05 February 2009 ~ Comments Off

My thoughts on Ruby, Rails and where I got started

Since I was quite late to jump on the Rails bandwagon, I thought I’d share my experiences upto this point in time. “They say” learning Ruby first really lightens the load when learning Rails, consequently that’s what I set out to do in the late stages of 2008. This however, was not my first encounter with Ruby…

Backtrack almost 3 years ago

I was first introduced to Ruby by Lindsay Marshall as part of my second year at University. Being relatively new to programming at that point, my skillz weren’t very good, though to be fair they still aren’t.

If memory serves, that project entailed the creation of a regular expression to parse and perform a statistical analysis on a server log-file…pretty simple stuff. Since then I always intended to go back and use Ruby for some other projects of mine, but never really got the opportunity.

Fastforward to around September 2008

I had just finished my degree and stumbled across Project Euler after hearing about it on stackoverflow. I figured this would be as good a time as any to test my Ruby chops.

Project Euler

I got quite into it, learning lots of new math and programming stuff along the way. Part of the way through that, I came across the awesomeness that is the Enumerable mixin. Still being quite new to Ruby and programming in general, doing stuff without for loops blew me away, as a result I knew this was the way forward.

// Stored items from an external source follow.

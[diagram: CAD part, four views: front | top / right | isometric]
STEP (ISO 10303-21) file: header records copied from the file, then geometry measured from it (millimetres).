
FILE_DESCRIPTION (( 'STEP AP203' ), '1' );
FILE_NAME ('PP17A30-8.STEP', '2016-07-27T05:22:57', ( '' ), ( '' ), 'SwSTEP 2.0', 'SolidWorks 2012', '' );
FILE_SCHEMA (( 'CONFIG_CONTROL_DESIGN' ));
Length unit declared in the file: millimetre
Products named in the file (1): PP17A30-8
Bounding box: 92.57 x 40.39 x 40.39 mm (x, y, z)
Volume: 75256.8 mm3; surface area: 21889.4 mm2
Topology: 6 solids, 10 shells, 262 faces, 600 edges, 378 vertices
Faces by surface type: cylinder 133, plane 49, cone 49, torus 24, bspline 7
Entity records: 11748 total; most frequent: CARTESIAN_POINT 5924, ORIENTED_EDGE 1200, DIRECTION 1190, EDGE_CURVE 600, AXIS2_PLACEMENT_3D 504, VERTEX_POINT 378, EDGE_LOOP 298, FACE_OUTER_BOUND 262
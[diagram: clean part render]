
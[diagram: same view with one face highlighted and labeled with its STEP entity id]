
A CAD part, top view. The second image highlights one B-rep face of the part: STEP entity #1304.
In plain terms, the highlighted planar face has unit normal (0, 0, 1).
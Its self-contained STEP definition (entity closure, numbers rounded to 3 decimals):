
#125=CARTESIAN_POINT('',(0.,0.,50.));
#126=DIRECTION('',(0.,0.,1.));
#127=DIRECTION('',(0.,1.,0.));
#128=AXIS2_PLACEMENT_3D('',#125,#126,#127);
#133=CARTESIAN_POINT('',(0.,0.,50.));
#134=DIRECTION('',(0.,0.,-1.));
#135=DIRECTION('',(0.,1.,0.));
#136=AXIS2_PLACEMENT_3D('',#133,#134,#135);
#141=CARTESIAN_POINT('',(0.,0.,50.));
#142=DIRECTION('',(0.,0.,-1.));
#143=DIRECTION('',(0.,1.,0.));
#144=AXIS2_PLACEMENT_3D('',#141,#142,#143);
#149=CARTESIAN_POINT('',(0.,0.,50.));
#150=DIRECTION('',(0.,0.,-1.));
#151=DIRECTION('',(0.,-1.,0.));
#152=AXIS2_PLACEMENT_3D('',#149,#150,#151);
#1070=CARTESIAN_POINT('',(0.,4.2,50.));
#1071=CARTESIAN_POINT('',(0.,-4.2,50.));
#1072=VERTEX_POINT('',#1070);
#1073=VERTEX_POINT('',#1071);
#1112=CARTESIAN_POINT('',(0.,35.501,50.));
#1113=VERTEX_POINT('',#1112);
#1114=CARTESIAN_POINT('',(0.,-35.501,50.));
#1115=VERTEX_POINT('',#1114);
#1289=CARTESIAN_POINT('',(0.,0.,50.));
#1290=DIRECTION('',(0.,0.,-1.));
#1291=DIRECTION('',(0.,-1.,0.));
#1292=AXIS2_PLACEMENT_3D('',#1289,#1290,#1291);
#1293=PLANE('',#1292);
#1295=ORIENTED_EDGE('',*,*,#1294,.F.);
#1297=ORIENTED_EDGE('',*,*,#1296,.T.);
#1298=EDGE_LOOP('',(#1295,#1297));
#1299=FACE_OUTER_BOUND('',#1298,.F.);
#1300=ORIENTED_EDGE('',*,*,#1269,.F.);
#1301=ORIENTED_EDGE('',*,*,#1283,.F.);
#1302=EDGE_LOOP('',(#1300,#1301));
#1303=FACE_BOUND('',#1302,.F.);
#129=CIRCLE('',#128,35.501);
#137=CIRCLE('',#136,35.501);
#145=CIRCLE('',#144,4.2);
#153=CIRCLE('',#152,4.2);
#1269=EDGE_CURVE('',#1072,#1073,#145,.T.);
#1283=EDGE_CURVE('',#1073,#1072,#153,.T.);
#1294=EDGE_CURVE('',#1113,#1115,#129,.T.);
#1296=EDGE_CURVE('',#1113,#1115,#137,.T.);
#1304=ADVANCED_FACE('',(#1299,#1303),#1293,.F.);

I also dragged Rob into doing Euler with me, which allowed us to build up some healthy competitive rivalry. For those of you still on Euler who want to compare or check out a few of my solutions, you can peruse them at your leisure on github.

After about a month or so, I had completed over 50 of them puzzles and thought it was time to make the jump into Rails territory. But what to make?

Suprise suprise…a blog

I started my first proper blog early last year and liked it for a grand total of 5 minutes. As mentioned in my first post, I was never happy about it being Wordpress powered, I hated all the updates, and any templates that I liked were purchase only…not cool! Sure I could roll my own, but at the time I was way too busy. I even did some more reading into Wordpress and kept hearing lotsa stuff about one giant loop wrapping all the code, and it got me thinking that Ruby can do that sort of stuff in one line! Clearly Wordpress and I didn’t get off on the best of starts, needless to say, it was time for a change.

The Rails

Evidently I wanted something which I could easily customise to fit my basic needs, and that’s where I thought Rails would come in handy. So I caught the famous, but dated screencast of Build a Blog in 15 Minutes with Rails to get myself and upto speed, bought a couple of books and away I went. It didn’t take me long before I was able mashup something which resembles what you’re currently looking at; very basic but I love knowing that I can customise this thing till my hearts content.

But yeah the Rails part is fun, I expected to see plenty of error pages on the way and I was not disappointed on this front. This was also my first experience utilising a framework which uses MVC architecture, a design pattern which I’m slowly warming to.

Where the blog itself is concerned, there’s still a fair bit more work I’ve got planned, some of the things on my to-do list include OpenID, adding a splash of AJAX here and there and a few other cosmetic changes.

In retrospect, do I believe that learning Ruby has reduced the learning curve involved for learning Rails, not so far, as scaffolding has done most of the heavy lefting for me. Then again I haven’t really had to do that much work, to be an authority on this matter. Saying that I’ll definately be using Rails again for some side projects of mine that I’ve got in the pipeline, so watch this space and I’ll keep you informed of my findings.